● What you are asked to do: Scan the entries below and tally the lines that include "proportionally". Return nothing but the tally.
(Records provided begins)
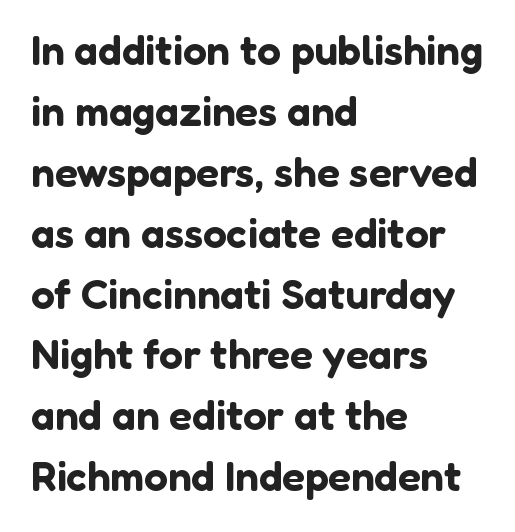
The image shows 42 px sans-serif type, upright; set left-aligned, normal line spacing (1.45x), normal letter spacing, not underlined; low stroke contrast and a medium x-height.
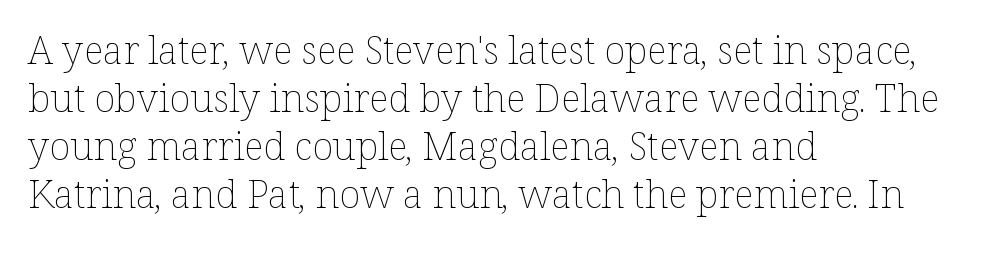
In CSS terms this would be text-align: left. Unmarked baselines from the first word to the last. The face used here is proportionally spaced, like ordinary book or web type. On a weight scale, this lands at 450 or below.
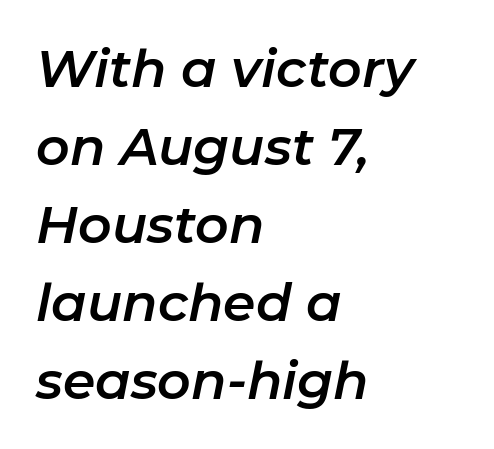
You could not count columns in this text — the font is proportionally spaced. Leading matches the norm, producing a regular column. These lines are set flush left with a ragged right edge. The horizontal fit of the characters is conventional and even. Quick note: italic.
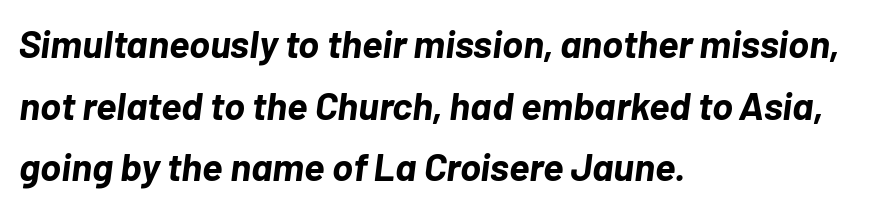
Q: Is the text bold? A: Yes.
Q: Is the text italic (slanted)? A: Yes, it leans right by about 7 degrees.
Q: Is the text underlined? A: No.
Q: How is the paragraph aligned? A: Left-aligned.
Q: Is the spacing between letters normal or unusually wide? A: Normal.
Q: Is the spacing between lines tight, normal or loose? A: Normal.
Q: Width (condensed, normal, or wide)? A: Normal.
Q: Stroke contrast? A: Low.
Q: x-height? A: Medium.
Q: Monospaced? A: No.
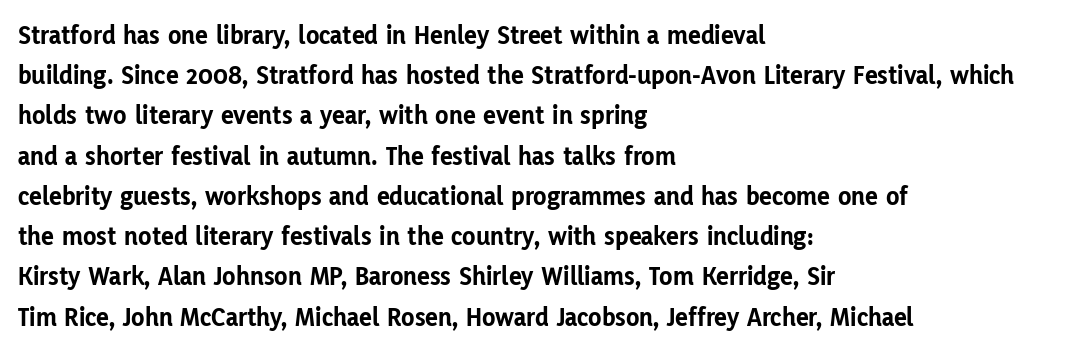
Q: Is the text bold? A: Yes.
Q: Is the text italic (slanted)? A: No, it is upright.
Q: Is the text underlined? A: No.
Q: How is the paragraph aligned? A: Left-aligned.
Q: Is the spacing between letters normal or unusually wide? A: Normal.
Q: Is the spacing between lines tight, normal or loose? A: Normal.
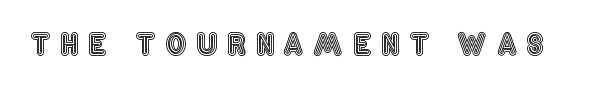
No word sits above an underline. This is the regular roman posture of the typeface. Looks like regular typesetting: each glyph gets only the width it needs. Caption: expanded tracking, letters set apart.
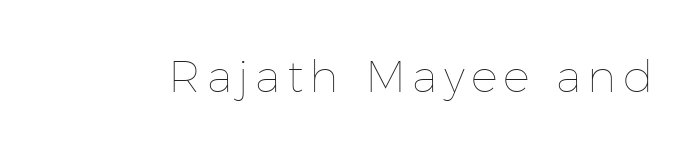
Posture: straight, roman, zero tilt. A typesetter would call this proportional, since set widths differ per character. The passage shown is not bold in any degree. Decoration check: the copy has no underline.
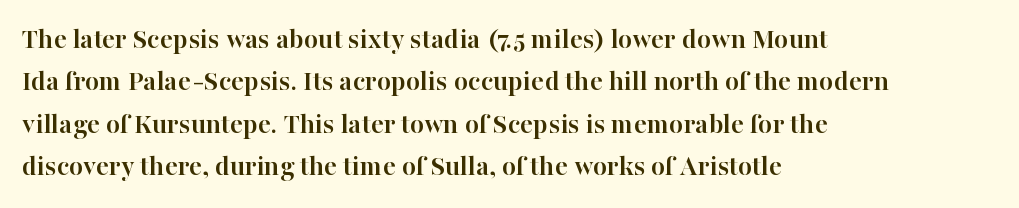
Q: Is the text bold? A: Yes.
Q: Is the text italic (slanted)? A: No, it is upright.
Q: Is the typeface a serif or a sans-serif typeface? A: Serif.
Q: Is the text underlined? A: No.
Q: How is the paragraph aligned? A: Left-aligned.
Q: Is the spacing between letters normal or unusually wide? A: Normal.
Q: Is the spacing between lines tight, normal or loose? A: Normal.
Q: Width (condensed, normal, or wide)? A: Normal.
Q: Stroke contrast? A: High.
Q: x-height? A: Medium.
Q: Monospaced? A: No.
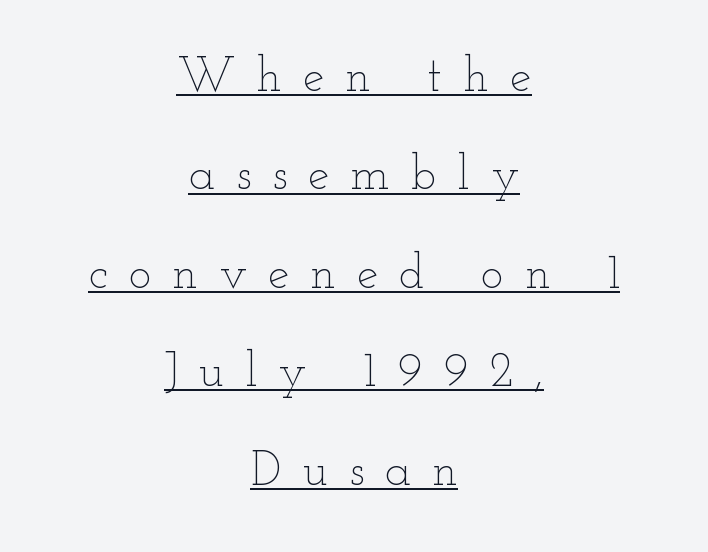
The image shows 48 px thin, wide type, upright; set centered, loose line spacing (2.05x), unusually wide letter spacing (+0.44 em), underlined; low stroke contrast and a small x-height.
(Records provided ends)
● Task result: 2